Where $S$ is a compact support. (That means bounded)


But if instead we say $h=\frac{\partial N(x,p)}{\partial x}$,

then $$p_h(x,p) = \dfrac{h(x,p)}{\int_S h(z,p)}=\dfrac{\frac{\partial N(x,p)}{\partial x}}{N(max(S),p) - N(min(S), p)}$$

The denominator is ofcourse more complex for non-1D values of S.

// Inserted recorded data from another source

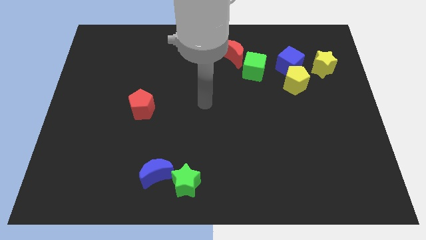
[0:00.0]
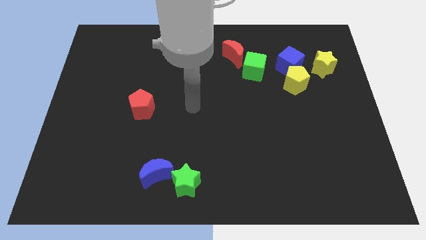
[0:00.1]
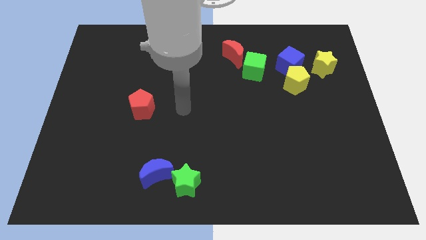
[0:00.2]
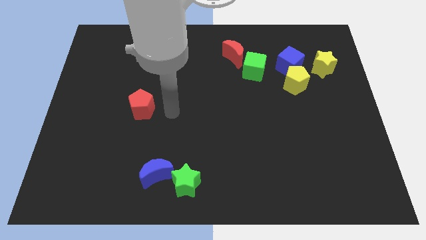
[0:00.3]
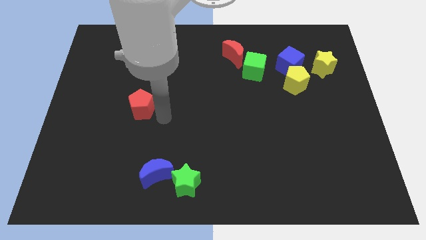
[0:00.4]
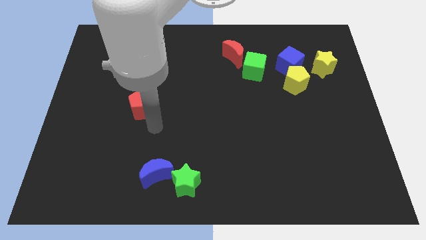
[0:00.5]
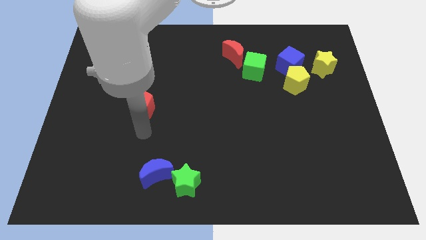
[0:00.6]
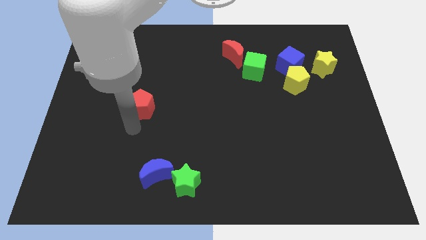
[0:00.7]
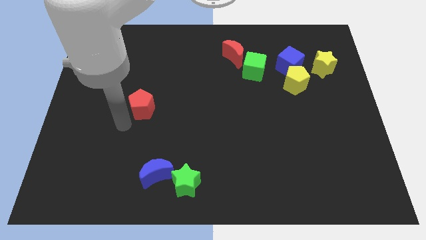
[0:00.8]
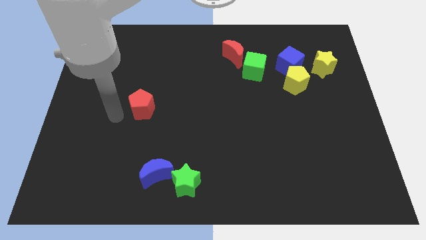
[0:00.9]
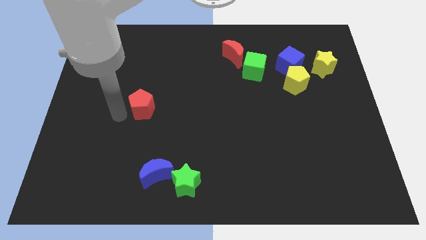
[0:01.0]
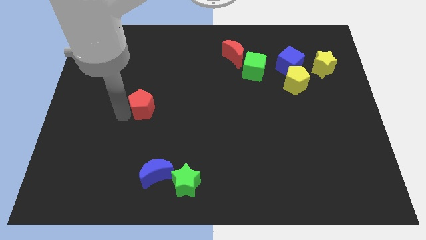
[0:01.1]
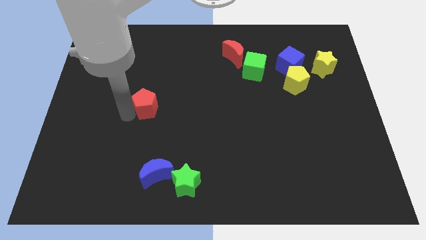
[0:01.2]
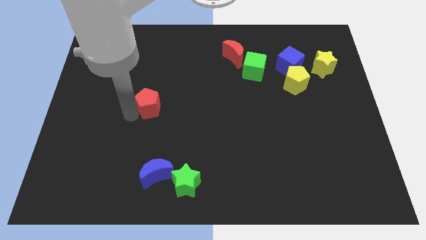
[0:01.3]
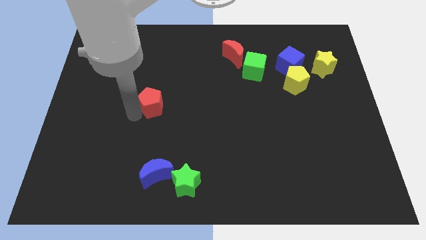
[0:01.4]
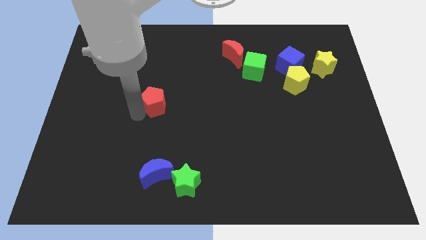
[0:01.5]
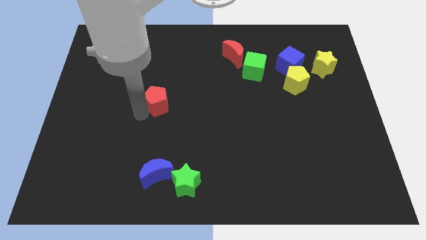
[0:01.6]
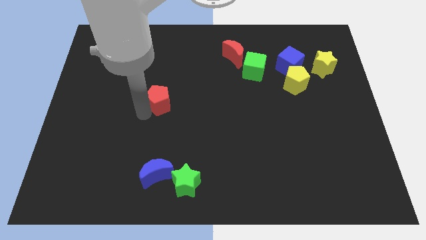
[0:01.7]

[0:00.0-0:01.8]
slide the red pentagon to the middle of the board

The loss function given is the negative log-likelihood of the set of training samples $X$
$$L(p) = -\sum_{\forall x \in X} ln(h(x,p))  + |X| ln(\int_S h(z,p) dx)$$

Which befomes:

$$L(p) = -\sum_{\forall x \in X} log(\frac{\partial N(x,p)}{\partial x})  + |X|(ln(N(max(S),p)-N(min(S),p)) dx$$

In [1]:
using StatsBase
using Distributions

In [2]:
using TensorFlow
using MLDataUtils

In [3]:
using DensityEstimationML

In [4]:
immutable NeuralDensityEstimator
    sess::Session
    
    #Network nodes
    optimizer::Tensor
    conditioner::Tensor
    t::Tensor
    pdf::Tensor
end

In [125]:
loglikelihood(est,[1,2])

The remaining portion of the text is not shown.